··· Provided entries
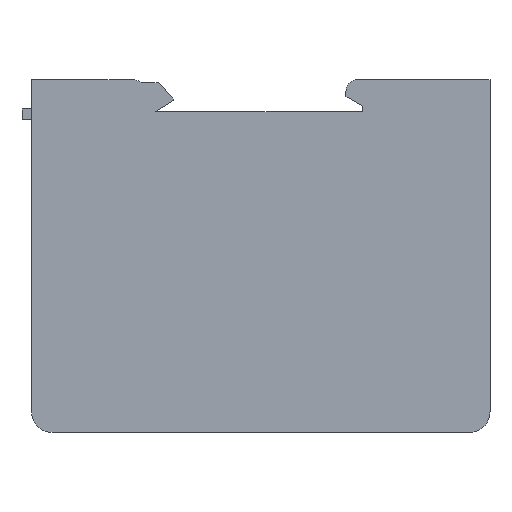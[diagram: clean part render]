
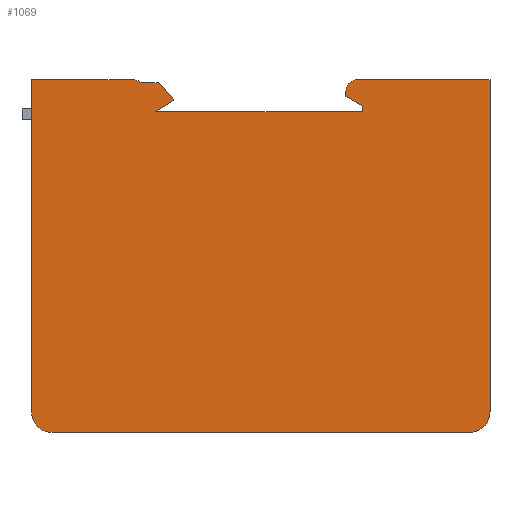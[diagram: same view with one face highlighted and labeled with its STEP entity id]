
A CAD part, front view. The second image highlights one B-rep face of the part: STEP entity #1069.
In plain terms, the highlighted planar face has unit normal (0, -1, 0).
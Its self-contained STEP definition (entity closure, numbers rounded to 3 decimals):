
#22=DIRECTION('',(1.,0.,0.));
#23=VECTOR('',#22,17.3);
#24=CARTESIAN_POINT('',(-38.195,0.,30.));
#25=LINE('',#24,#23);
#26=CARTESIAN_POINT('',(-20.895,0.,28.));
#27=DIRECTION('',(0.,1.,0.));
#28=DIRECTION('',(0.,0.,1.));
#29=AXIS2_PLACEMENT_3D('',#26,#27,#28);
#31=DIRECTION('',(1.,0.,0.014));
#32=VECTOR('',#31,2.71);
#33=CARTESIAN_POINT('',(-19.533,0.,29.465));
#34=LINE('',#33,#32);
#35=CARTESIAN_POINT('',(-16.764,0.,29.008));
#36=DIRECTION('',(0.,1.,0.));
#37=DIRECTION('',(-0.119,0.,0.993));
#38=AXIS2_PLACEMENT_3D('',#35,#36,#37);
#40=DIRECTION('',(0.655,0.,-0.756));
#41=VECTOR('',#40,3.712);
#42=CARTESIAN_POINT('',(-16.386,0.,29.335));
#43=LINE('',#42,#41);
#44=DIRECTION('',(-0.84,0.,-0.543));
#45=VECTOR('',#44,3.737);
#46=CARTESIAN_POINT('',(-13.957,0.,26.529));
#47=LINE('',#46,#45);
#48=DIRECTION('',(1.,0.,0.));
#49=VECTOR('',#48,35.2);
#50=CARTESIAN_POINT('',(-17.095,0.,24.5));
#51=LINE('',#50,#49);
#52=DIRECTION('',(0.,0.,1.));
#53=VECTOR('',#52,1.);
#54=CARTESIAN_POINT('',(18.105,0.,24.5));
#55=LINE('',#54,#53);
#56=DIRECTION('',(-0.866,0.,0.5));
#57=VECTOR('',#56,3.233);
#58=CARTESIAN_POINT('',(18.105,0.,25.5));
#59=LINE('',#58,#57);
#60=DIRECTION('',(0.,0.,1.));
#61=VECTOR('',#60,0.883);
#62=CARTESIAN_POINT('',(15.305,0.,27.117));
#63=LINE('',#62,#61);
#64=CARTESIAN_POINT('',(17.305,0.,28.));
#65=DIRECTION('',(0.,1.,0.));
#66=DIRECTION('',(-1.,0.,0.));
#67=AXIS2_PLACEMENT_3D('',#64,#65,#66);
#69=DIRECTION('',(1.,0.,0.));
#70=VECTOR('',#69,22.5);
#71=CARTESIAN_POINT('',(17.305,0.,30.));
#72=LINE('',#71,#70);
#73=DIRECTION('',(0.,0.,-1.));
#74=VECTOR('',#73,56.5);
#75=CARTESIAN_POINT('',(39.805,0.,30.));
#76=LINE('',#75,#74);
#77=CARTESIAN_POINT('',(36.305,0.,-26.5));
#78=DIRECTION('',(0.,1.,0.));
#79=DIRECTION('',(1.,0.,0.));
#80=AXIS2_PLACEMENT_3D('',#77,#78,#79);
#82=DIRECTION('',(-1.,0.,0.));
#83=VECTOR('',#82,71.);
#84=CARTESIAN_POINT('',(36.305,0.,-30.));
#85=LINE('',#84,#83);
#86=CARTESIAN_POINT('',(-34.695,0.,-26.5));
#87=DIRECTION('',(0.,1.,0.));
#88=DIRECTION('',(0.,0.,-1.));
#89=AXIS2_PLACEMENT_3D('',#86,#87,#88);
#91=DIRECTION('',(0.,0.,-1.));
#92=VECTOR('',#91,56.5);
#93=CARTESIAN_POINT('',(-38.195,0.,30.));
#94=LINE('',#93,#92);
#784=CARTESIAN_POINT('',(-38.195,0.,30.));
#785=CARTESIAN_POINT('',(-38.195,0.,-26.5));
#786=VERTEX_POINT('',#784);
#787=VERTEX_POINT('',#785);
#788=CARTESIAN_POINT('',(-20.895,0.,30.));
#789=VERTEX_POINT('',#788);
#790=CARTESIAN_POINT('',(-19.533,0.,29.465));
#791=VERTEX_POINT('',#790);
#792=CARTESIAN_POINT('',(-16.823,0.,29.504));
#793=VERTEX_POINT('',#792);
#794=CARTESIAN_POINT('',(-16.386,0.,29.335));
#795=VERTEX_POINT('',#794);
#796=CARTESIAN_POINT('',(-13.957,0.,26.529));
#797=VERTEX_POINT('',#796);
#798=CARTESIAN_POINT('',(-17.095,0.,24.5));
#799=VERTEX_POINT('',#798);
#800=CARTESIAN_POINT('',(18.105,0.,24.5));
#801=VERTEX_POINT('',#800);
#802=CARTESIAN_POINT('',(18.105,0.,25.5));
#803=VERTEX_POINT('',#802);
#804=CARTESIAN_POINT('',(15.305,0.,27.117));
#805=VERTEX_POINT('',#804);
#806=CARTESIAN_POINT('',(15.305,0.,28.));
#807=VERTEX_POINT('',#806);
#808=CARTESIAN_POINT('',(17.305,0.,30.));
#809=VERTEX_POINT('',#808);
#810=CARTESIAN_POINT('',(39.805,0.,30.));
#811=VERTEX_POINT('',#810);
#812=CARTESIAN_POINT('',(39.805,0.,-26.5));
#813=VERTEX_POINT('',#812);
#814=CARTESIAN_POINT('',(36.305,0.,-30.));
#815=VERTEX_POINT('',#814);
#816=CARTESIAN_POINT('',(-34.695,0.,-30.));
#817=VERTEX_POINT('',#816);
#1028=CARTESIAN_POINT('',(0.,0.,0.));
#1029=DIRECTION('',(0.,1.,0.));
#1030=DIRECTION('',(1.,0.,0.));
#1031=AXIS2_PLACEMENT_3D('',#1028,#1029,#1030);
#1032=PLANE('',#1031);
#1034=ORIENTED_EDGE('',*,*,#1033,.F.);
#1036=ORIENTED_EDGE('',*,*,#1035,.T.);
#1038=ORIENTED_EDGE('',*,*,#1037,.T.);
#1040=ORIENTED_EDGE('',*,*,#1039,.T.);
#1042=ORIENTED_EDGE('',*,*,#1041,.T.);
#1044=ORIENTED_EDGE('',*,*,#1043,.T.);
#1046=ORIENTED_EDGE('',*,*,#1045,.T.);
#1048=ORIENTED_EDGE('',*,*,#1047,.T.);
#1050=ORIENTED_EDGE('',*,*,#1049,.T.);
#1052=ORIENTED_EDGE('',*,*,#1051,.T.);
#1054=ORIENTED_EDGE('',*,*,#1053,.T.);
#1056=ORIENTED_EDGE('',*,*,#1055,.T.);
#1058=ORIENTED_EDGE('',*,*,#1057,.T.);
#1060=ORIENTED_EDGE('',*,*,#1059,.T.);
#1062=ORIENTED_EDGE('',*,*,#1061,.T.);
#1064=ORIENTED_EDGE('',*,*,#1063,.T.);
#1066=ORIENTED_EDGE('',*,*,#1065,.T.);
#1067=EDGE_LOOP('',(#1034,#1036,#1038,#1040,#1042,#1044,#1046,#1048,#1050,#1052,
#1054,#1056,#1058,#1060,#1062,#1064,#1066));
#1068=FACE_OUTER_BOUND('',#1067,.F.);
#1069=ADVANCED_FACE('',(#1068),#1032,.F.);
#30=CIRCLE('',#29,2.);
#39=CIRCLE('',#38,0.5);
#68=CIRCLE('',#67,2.);
#81=CIRCLE('',#80,3.5);
#90=CIRCLE('',#89,3.5);
#1033=EDGE_CURVE('',#786,#787,#94,.T.);
#1035=EDGE_CURVE('',#786,#789,#25,.T.);
#1037=EDGE_CURVE('',#789,#791,#30,.T.);
#1039=EDGE_CURVE('',#791,#793,#34,.T.);
#1041=EDGE_CURVE('',#793,#795,#39,.T.);
#1043=EDGE_CURVE('',#795,#797,#43,.T.);
#1045=EDGE_CURVE('',#797,#799,#47,.T.);
#1047=EDGE_CURVE('',#799,#801,#51,.T.);
#1049=EDGE_CURVE('',#801,#803,#55,.T.);
#1051=EDGE_CURVE('',#803,#805,#59,.T.);
#1053=EDGE_CURVE('',#805,#807,#63,.T.);
#1055=EDGE_CURVE('',#807,#809,#68,.T.);
#1057=EDGE_CURVE('',#809,#811,#72,.T.);
#1059=EDGE_CURVE('',#811,#813,#76,.T.);
#1061=EDGE_CURVE('',#813,#815,#81,.T.);
#1063=EDGE_CURVE('',#815,#817,#85,.T.);
#1065=EDGE_CURVE('',#817,#787,#90,.T.);
······
— Task objective —
The output should be exactly the lines above from the line containing "#50=CARTESIAN_POINT('',(-17.095,0.,24.5));" to the line containing "#83=VECTOR('',#82,71.);", inclusive, with no other lines.

— Completed exercise —
#50=CARTESIAN_POINT('',(-17.095,0.,24.5));
#51=LINE('',#50,#49);
#52=DIRECTION('',(0.,0.,1.));
#53=VECTOR('',#52,1.);
#54=CARTESIAN_POINT('',(18.105,0.,24.5));
#55=LINE('',#54,#53);
#56=DIRECTION('',(-0.866,0.,0.5));
#57=VECTOR('',#56,3.233);
#58=CARTESIAN_POINT('',(18.105,0.,25.5));
#59=LINE('',#58,#57);
#60=DIRECTION('',(0.,0.,1.));
#61=VECTOR('',#60,0.883);
#62=CARTESIAN_POINT('',(15.305,0.,27.117));
#63=LINE('',#62,#61);
#64=CARTESIAN_POINT('',(17.305,0.,28.));
#65=DIRECTION('',(0.,1.,0.));
#66=DIRECTION('',(-1.,0.,0.));
#67=AXIS2_PLACEMENT_3D('',#64,#65,#66);
#69=DIRECTION('',(1.,0.,0.));
#70=VECTOR('',#69,22.5);
#71=CARTESIAN_POINT('',(17.305,0.,30.));
#72=LINE('',#71,#70);
#73=DIRECTION('',(0.,0.,-1.));
#74=VECTOR('',#73,56.5);
#75=CARTESIAN_POINT('',(39.805,0.,30.));
#76=LINE('',#75,#74);
#77=CARTESIAN_POINT('',(36.305,0.,-26.5));
#78=DIRECTION('',(0.,1.,0.));
#79=DIRECTION('',(1.,0.,0.));
#80=AXIS2_PLACEMENT_3D('',#77,#78,#79);
#82=DIRECTION('',(-1.,0.,0.));
#83=VECTOR('',#82,71.);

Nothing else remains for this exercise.